> ABOUT THIS TASK
Take the lines below beginning at the line that has "#2466 = CARTESIAN_POINT('',(0.,2.235));" and stopping after the line that has "#2481 = CARTESIAN_POINT('',(0.,100.563));", and print them exactly as they are, with no other lines.

> DATA SHOWN
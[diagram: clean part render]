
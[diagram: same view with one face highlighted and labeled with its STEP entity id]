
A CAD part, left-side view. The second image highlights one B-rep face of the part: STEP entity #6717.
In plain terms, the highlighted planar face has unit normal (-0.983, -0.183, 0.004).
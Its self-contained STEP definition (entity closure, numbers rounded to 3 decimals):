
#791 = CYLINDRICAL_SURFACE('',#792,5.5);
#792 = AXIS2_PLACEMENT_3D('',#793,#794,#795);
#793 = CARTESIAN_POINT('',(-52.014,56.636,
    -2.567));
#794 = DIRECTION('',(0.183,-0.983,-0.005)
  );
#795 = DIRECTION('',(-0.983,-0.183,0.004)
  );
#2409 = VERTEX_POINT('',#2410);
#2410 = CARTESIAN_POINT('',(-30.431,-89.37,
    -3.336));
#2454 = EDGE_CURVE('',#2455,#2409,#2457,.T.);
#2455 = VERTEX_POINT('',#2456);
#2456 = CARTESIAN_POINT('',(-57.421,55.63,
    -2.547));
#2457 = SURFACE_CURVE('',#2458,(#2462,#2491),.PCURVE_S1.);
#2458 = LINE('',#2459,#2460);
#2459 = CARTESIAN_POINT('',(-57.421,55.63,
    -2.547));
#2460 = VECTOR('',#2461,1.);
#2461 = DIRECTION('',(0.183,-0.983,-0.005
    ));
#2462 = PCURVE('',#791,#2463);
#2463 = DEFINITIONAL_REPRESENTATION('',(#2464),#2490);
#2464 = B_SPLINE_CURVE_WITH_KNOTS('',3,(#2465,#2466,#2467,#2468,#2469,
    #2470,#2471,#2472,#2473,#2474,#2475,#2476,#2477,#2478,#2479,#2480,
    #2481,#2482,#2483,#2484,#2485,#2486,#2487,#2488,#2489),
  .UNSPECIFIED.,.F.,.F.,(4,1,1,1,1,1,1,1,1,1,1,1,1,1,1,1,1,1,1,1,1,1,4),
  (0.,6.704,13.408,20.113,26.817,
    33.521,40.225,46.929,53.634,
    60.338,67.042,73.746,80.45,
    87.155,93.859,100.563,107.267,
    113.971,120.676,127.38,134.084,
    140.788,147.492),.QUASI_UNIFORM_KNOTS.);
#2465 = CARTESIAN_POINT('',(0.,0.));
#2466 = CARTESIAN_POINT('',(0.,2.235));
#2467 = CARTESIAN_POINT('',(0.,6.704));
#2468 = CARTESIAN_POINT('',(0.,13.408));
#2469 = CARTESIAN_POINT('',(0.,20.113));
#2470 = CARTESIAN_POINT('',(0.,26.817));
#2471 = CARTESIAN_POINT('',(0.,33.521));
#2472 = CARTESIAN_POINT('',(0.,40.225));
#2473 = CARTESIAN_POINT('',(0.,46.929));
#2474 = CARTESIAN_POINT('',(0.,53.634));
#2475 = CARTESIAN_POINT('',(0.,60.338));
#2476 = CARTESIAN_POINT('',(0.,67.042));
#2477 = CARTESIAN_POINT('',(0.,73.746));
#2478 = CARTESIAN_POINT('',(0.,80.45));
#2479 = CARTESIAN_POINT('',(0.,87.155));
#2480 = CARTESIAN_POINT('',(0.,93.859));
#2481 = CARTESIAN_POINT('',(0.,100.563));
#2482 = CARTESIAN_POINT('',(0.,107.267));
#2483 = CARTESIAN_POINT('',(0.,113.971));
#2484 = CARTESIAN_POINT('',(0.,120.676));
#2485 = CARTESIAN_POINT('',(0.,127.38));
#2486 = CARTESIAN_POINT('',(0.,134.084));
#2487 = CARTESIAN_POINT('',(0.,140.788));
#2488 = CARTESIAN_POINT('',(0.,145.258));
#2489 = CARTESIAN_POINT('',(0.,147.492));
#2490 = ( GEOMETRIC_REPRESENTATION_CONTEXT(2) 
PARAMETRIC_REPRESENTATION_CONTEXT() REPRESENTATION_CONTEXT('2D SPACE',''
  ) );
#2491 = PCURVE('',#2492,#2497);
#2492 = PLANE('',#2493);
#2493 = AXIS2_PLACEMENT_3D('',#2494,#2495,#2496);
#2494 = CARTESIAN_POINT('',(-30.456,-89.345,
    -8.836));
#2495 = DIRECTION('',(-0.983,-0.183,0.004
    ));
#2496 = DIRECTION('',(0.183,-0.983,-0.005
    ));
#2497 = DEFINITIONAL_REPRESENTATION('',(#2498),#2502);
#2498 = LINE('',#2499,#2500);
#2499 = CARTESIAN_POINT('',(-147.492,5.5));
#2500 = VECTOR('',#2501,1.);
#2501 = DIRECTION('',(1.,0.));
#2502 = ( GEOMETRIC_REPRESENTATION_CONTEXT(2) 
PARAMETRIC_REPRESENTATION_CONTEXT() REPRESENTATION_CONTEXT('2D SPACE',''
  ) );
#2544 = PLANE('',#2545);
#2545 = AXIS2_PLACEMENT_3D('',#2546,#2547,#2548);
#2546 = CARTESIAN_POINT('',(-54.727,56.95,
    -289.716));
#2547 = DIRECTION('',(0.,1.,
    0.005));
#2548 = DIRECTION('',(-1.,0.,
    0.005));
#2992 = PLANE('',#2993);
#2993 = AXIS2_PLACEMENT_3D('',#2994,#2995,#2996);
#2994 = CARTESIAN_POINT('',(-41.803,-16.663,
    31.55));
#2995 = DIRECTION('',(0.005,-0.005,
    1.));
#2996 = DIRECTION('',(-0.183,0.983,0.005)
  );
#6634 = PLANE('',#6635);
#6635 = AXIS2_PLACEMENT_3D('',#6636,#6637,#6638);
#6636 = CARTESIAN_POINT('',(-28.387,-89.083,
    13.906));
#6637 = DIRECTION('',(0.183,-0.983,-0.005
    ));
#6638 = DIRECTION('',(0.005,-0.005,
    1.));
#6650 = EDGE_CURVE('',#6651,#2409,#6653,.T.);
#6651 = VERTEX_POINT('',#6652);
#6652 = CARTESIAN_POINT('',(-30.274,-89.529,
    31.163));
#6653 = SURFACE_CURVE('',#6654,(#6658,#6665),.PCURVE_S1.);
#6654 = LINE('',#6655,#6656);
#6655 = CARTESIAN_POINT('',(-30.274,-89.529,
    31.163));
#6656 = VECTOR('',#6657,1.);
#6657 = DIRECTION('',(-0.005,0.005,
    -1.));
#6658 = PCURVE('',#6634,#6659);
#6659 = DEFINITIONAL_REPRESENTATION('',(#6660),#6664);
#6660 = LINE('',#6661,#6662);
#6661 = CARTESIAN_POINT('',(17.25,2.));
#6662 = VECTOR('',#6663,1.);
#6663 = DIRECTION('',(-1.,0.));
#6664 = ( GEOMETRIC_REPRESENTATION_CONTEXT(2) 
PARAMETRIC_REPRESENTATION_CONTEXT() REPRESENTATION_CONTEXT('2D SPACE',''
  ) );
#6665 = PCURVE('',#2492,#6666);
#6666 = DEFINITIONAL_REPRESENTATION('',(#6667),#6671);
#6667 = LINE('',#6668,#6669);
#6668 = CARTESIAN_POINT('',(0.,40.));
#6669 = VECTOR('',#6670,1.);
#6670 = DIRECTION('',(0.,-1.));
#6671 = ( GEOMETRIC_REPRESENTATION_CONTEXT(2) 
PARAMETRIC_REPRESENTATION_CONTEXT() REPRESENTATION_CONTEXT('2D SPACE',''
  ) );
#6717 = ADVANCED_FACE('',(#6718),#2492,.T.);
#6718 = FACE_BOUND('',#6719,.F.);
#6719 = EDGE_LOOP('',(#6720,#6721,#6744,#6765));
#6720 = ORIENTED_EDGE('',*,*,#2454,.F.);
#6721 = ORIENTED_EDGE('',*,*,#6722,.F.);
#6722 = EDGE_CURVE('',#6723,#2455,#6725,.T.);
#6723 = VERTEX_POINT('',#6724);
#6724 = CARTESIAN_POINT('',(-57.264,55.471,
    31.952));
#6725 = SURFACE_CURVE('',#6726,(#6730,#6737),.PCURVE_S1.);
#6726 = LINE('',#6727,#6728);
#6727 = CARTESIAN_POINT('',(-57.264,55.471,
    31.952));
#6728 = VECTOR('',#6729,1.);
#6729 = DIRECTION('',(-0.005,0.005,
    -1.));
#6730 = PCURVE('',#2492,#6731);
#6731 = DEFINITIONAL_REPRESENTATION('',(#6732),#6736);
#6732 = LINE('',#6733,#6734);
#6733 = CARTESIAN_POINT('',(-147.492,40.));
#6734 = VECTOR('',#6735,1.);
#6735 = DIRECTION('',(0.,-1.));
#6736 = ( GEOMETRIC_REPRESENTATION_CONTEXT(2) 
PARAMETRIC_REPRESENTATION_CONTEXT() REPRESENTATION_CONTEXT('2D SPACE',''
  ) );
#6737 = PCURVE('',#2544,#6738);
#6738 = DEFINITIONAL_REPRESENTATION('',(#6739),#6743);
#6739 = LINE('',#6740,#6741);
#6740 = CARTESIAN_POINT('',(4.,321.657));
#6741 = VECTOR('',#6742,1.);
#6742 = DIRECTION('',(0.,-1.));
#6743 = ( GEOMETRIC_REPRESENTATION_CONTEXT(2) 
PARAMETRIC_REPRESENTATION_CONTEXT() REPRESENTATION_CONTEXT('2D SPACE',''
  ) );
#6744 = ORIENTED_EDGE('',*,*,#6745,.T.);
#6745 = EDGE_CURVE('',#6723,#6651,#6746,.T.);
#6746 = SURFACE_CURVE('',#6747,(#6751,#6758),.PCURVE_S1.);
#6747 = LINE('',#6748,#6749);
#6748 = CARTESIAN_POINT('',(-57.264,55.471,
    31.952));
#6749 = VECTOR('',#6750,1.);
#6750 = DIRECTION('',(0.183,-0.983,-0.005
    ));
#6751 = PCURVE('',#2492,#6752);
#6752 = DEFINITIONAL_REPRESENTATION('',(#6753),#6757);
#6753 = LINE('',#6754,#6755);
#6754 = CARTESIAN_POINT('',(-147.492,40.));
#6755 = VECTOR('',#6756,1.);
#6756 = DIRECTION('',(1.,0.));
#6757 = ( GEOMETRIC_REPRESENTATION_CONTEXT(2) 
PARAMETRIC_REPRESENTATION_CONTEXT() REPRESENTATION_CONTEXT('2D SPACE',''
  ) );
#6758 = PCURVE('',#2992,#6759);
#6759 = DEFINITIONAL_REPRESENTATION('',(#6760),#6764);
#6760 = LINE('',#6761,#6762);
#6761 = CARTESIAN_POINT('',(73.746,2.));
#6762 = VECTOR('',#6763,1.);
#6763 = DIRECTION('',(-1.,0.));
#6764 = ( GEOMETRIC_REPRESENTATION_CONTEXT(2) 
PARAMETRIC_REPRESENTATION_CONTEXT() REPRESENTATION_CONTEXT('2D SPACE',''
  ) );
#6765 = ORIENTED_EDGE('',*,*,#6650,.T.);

> THE ANSWER
#2466 = CARTESIAN_POINT('',(0.,2.235));
#2467 = CARTESIAN_POINT('',(0.,6.704));
#2468 = CARTESIAN_POINT('',(0.,13.408));
#2469 = CARTESIAN_POINT('',(0.,20.113));
#2470 = CARTESIAN_POINT('',(0.,26.817));
#2471 = CARTESIAN_POINT('',(0.,33.521));
#2472 = CARTESIAN_POINT('',(0.,40.225));
#2473 = CARTESIAN_POINT('',(0.,46.929));
#2474 = CARTESIAN_POINT('',(0.,53.634));
#2475 = CARTESIAN_POINT('',(0.,60.338));
#2476 = CARTESIAN_POINT('',(0.,67.042));
#2477 = CARTESIAN_POINT('',(0.,73.746));
#2478 = CARTESIAN_POINT('',(0.,80.45));
#2479 = CARTESIAN_POINT('',(0.,87.155));
#2480 = CARTESIAN_POINT('',(0.,93.859));
#2481 = CARTESIAN_POINT('',(0.,100.563));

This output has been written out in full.